The provided answers don't clearly distinguish between two different processes behind the scene: regexp compilation and regexp object creation when hitting regexp object creation expression.
Yes, using regexp literal syntax, you're gaining the performance benefit of one time regexp compilation.
But if your code executes in ES5+ environment, every time the code path enters the doThing() function in your example, it actually creates a new RegExp object, though, without need to compile the regexp again and again.
In ES5, literal syntax produces a new RegExp object every time code path hits expression that creates a regexp via literal:
function getRE() {
var re = /[a-z]/;
re.foo = "bar";
return re;
}
var reg = getRE(),
re2 = getRE();
console.log(reg === re2); // false
reg.foo = "baz";
console.log(re2.foo); // "bar"
To illustrate the above statements from the point of actual numbers, take a look at the performance difference between storedRegExp and inlineRegExp tests in this jsperf.
storedRegExp would be about 5 - 20% percent faster across browsers than inlineRegExp - the overhead of creating (and garbage collecting) a new RegExp object every time.
Conslusion:
If you're heavily using your literal regexps, consider caching them outside the scope where they are needed, so that they are not only be compiled once, but actual regexp objects for them would be created once as well.
There are two "regular expression" type objects in javascript.
Regular expression instances and the RegExp object.
Also, there are two ways to create regular expression instances:
using the /regex/ syntax and
using new RegExp('regex');
Each of these will create new regular expression instance each time.
However there is only ONE global RegExp object.
var input = 'abcdef';
var r1 = /(abc)/;
var r2 = /(def)/;
r1.exec(input);
alert(RegExp.$1); //outputs 'abc'
r2.exec(input);
alert(RegExp.$1); //outputs 'def'
The actual pattern is compiled as the script is loaded when you use Syntax 1
The pattern argument is compiled into an internal format before use.
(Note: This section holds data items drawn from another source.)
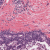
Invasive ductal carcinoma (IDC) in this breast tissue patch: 0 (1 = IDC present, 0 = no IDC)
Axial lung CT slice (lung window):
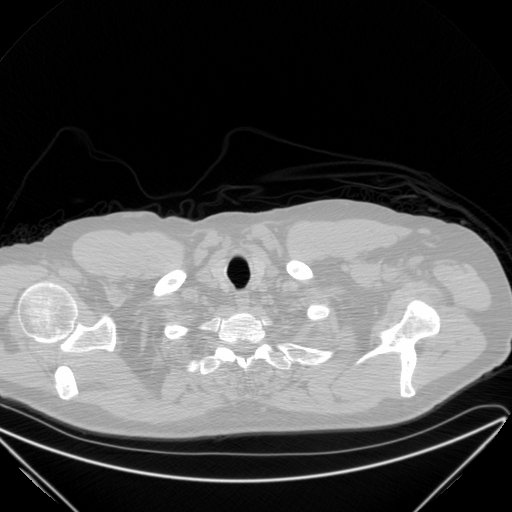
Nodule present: no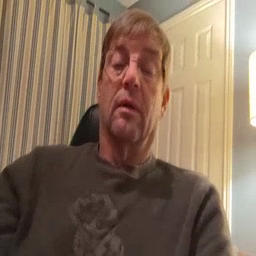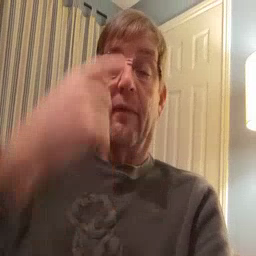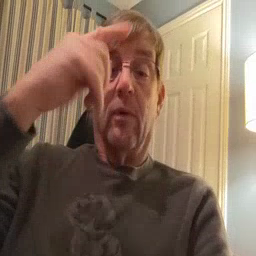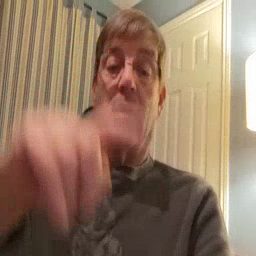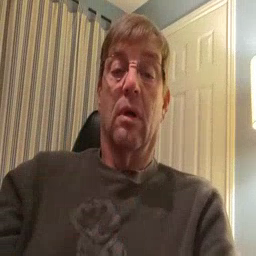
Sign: for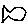
Label: fish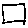
Label: square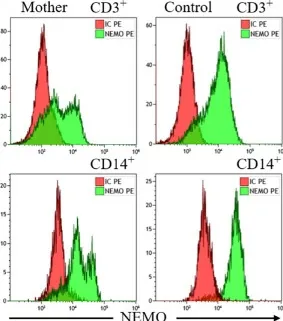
Findings for the mother. Flow cytometric analysis of maternal peripheral blood revealed mixed expression of normal and mutated NEMO (A).
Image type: chart (chart)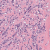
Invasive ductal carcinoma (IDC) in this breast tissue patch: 1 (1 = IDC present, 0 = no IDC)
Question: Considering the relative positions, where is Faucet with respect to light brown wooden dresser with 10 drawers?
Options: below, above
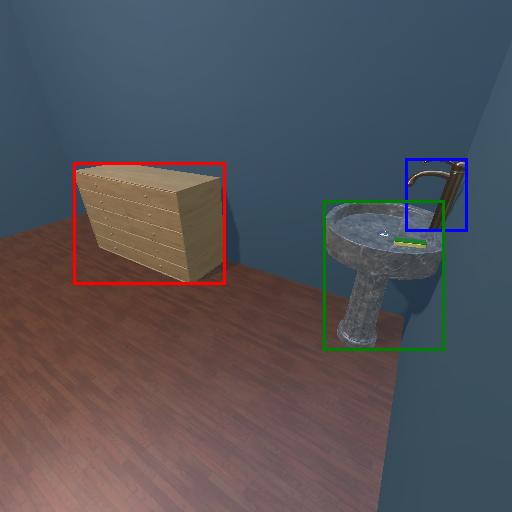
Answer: below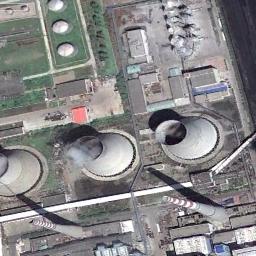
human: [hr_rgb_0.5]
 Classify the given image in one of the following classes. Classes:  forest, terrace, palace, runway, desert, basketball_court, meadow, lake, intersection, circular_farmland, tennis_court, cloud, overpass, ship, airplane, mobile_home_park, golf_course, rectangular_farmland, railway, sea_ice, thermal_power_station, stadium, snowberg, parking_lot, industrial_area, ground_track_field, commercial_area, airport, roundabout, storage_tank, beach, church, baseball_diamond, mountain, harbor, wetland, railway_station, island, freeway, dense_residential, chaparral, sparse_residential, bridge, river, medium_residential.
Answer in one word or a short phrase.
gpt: thermal_power_station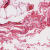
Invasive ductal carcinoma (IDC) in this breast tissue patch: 0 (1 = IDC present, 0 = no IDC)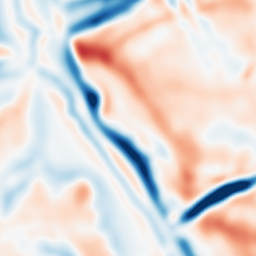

For Syntax 1, pattern is compiled as the script is loaded. For Syntax 2, pattern is compiled just before use, or when the compile method is called.
But you still could get different regular expression instances each method call. Test in chrome vs firefox
function testregex() {
var localreg = /abc/;
if (testregex.reg != null){
alert(localreg === testregex.reg);
};
testregex.reg = localreg;
}
testregex();
testregex();
It's VERY little overhead, but if you wanted exactly one regex, its safest to only create one instance outside of your function
The regex will be compiled every time you call the function if it's not in literal form.
Since you are including it in a literal form, you've got nothing to worry about.
Here's a quote from websina.com:
Regular expression literals provide compilation of the regular expression when the script is evaluated. When the regular expression will remain constant, use this for better performance.
Calling the constructor function of the RegExp object, as follows:
re = new RegExp("ab+c")
Using the constructor function provides runtime compilation of the regular expression. Use the constructor function when you know the regular expression pattern will be changing, or you don't know the pattern and are getting it from another source, such as user input.